# Redundant church (Norfolk)



## hamishsfriend (May 17, 2011)

Saved by a local farmer, this small former church building has a long history. 












It was built by the Normans (and has retained its original, elaborately carved doorway), presumably on an older site of worship. It has stood in its isolated location, deep in rural Norfolk, for centuries. Despite many changes, particularly during the Reformation, that resulted in redundancies and ruination of many churches, this one continued to be used as a place of worship until well into the 1900s. Hundred years on, however, it had lost its roof. After having been used as a mortuary chapel for some time, eventually, like so many others, the church was declared as being surplus to requirement, and abandoned. 











In a way, however, it did get lucky in that it was purchased by a member of the local farming community - not to be converted for use as yet another farm building, as frequently happened, but to be preserved in its entirety for what it is. The building has long since been re-roofed to protect the gems it houses: the original medieval font, a full set of 15th century pews decorated with intricate piercings and carvings, and a 17th century double-decker pulpit. 














































The building is not in use. It just stands there in this quite remote spot, undisturbed - until somebody like me comes along to take pictures.


----------



## RichardH (May 17, 2011)

Oh wow, that's a real beauty.

I would hazard a guess that the doorway might be older than Norman, though, unless there used to be rounded pillars from the base of the arch to the floor.

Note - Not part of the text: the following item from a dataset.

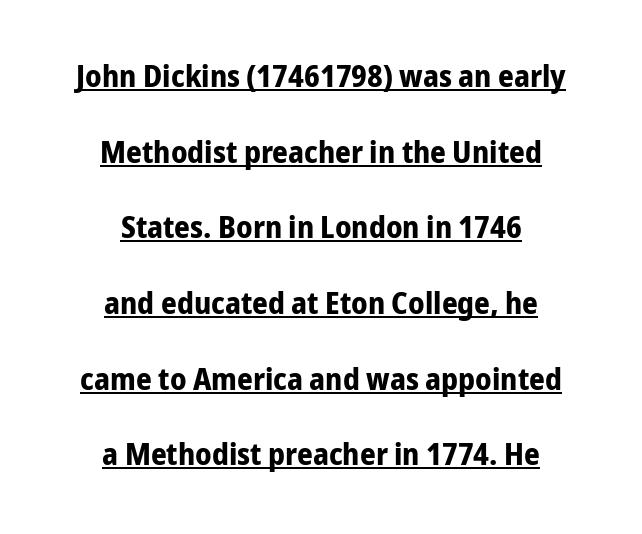
{"serif": "no", "italic": "no", "bold": "yes", "weight": "bold", "width": "condensed", "stroke_contrast": "low", "x_height": "medium", "monospaced": "no", "underline": "yes", "align": "center", "line_spacing": "loose", "line_spacing_ratio": 2.44, "letter_spacing": "normal", "letter_spacing_em": 0.0, "glyph_px": 31}

Would also think that the pews were newer than 15th Century? It would be very unusual to have more than a few seats scattered around a small pre-Reformation country church. It wasn't until the Reformation that the idea took hold that congregations were there to be preached at.


----------



## hamishsfriend (May 17, 2011)

RichardH said:


> I would hazard a guess that the doorway might be older than Norman, though, unless there used to be rounded pillars from the base of the arch to the floor.
> Would also think that the pews were newer than 15th Century? It would be very unusual to have more than a few seats scattered around a small pre-Reformation country church. It wasn't until the Reformation that the idea took hold that congregations were there to be preached at.



I have checked my books and found the following:

According to N. Batcock (The Ruined and Disused Churches of Norfolk), the "nave (dates from the) 12th century with fine south portal with scallop capitals and geometric motifs; chancel c 1340; good set of medieval benches; fine 17th century pulpit." 

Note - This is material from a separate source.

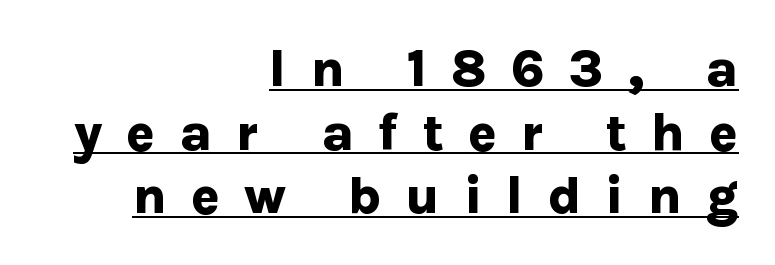
{"serif": "no", "italic": "no", "bold": "yes", "weight": "bold", "width": "normal", "stroke_contrast": "low", "x_height": "medium", "monospaced": "no", "underline": "yes", "align": "right", "line_spacing_ratio": 1.2, "letter_spacing": "wide", "letter_spacing_em": 0.45, "glyph_px": 53}

H. M. Cautley (Norfolk Churches) in 1949 says: "This poor little church, rapidly falling to decay ... has several points of interest. The S doorway is Norman and formerly had two engaged shafts and four orders above. Inside are early 16c poppy headed benches ... with most unusual and interesting traceried and pierced backs ... nice Jacobean pulpit."

So - the benches are 16th century, not 15th as I'd said earlier. Thanks for keeping me right.


----------



## alex76 (May 17, 2011)

Cracking shots there Hamishsfriend nice one


----------



## RichardH (May 17, 2011)

hamishsfriend said:


> So - the benches are 16th century, not 15th as I'd said earlier. Thanks for keeping me right.



I have always been told that my special gift is to be the cause of work for other people.

So the door is Norman, then. Just had its round bits nicked. Well, it got off lightly in the grand scheme of things.


----------



## Snips86x (May 17, 2011)

What a nice little church. Love the old wodden pews.


----------



## hamishsfriend (May 17, 2011)

RichardH said:


> I have always been told that my special gift is to be the cause of work for other people.



Lol! I am still exhausted from the ordeal, phew.


----------



## Vonnie (May 18, 2011)

What a lovely little church, so much detail. Love the pews and the architectural features over the door!


----------



## Lurkingwitch (May 18, 2011)

That doorway is something special! Thanks for that!


----------



## gingrove (May 18, 2011)

Well done to the farmer for saving it and well done to you for posting it! Great find and first class photos Thanks 
G.


----------



## Dirus_Strictus (May 19, 2011)

hamishsfriend said:


> I have checked my books
> N. Batcock (The Ruined and Disused Churches of Norfolk)
> H. M. Cautley (Norfolk Churches) 1949



It is difficult to imagine how different our Rural Counties looked, church wise, until you read books like the above and then compare the scenery today. The Victorians were great writers of books on religious buildings and architecture, and even these books contain numerous references to and illustrations of decaying/abandoned churches, all set in the vastness of an English County landscape. A good illustration of the movement of labour from the land into the ever burgeoning Cities.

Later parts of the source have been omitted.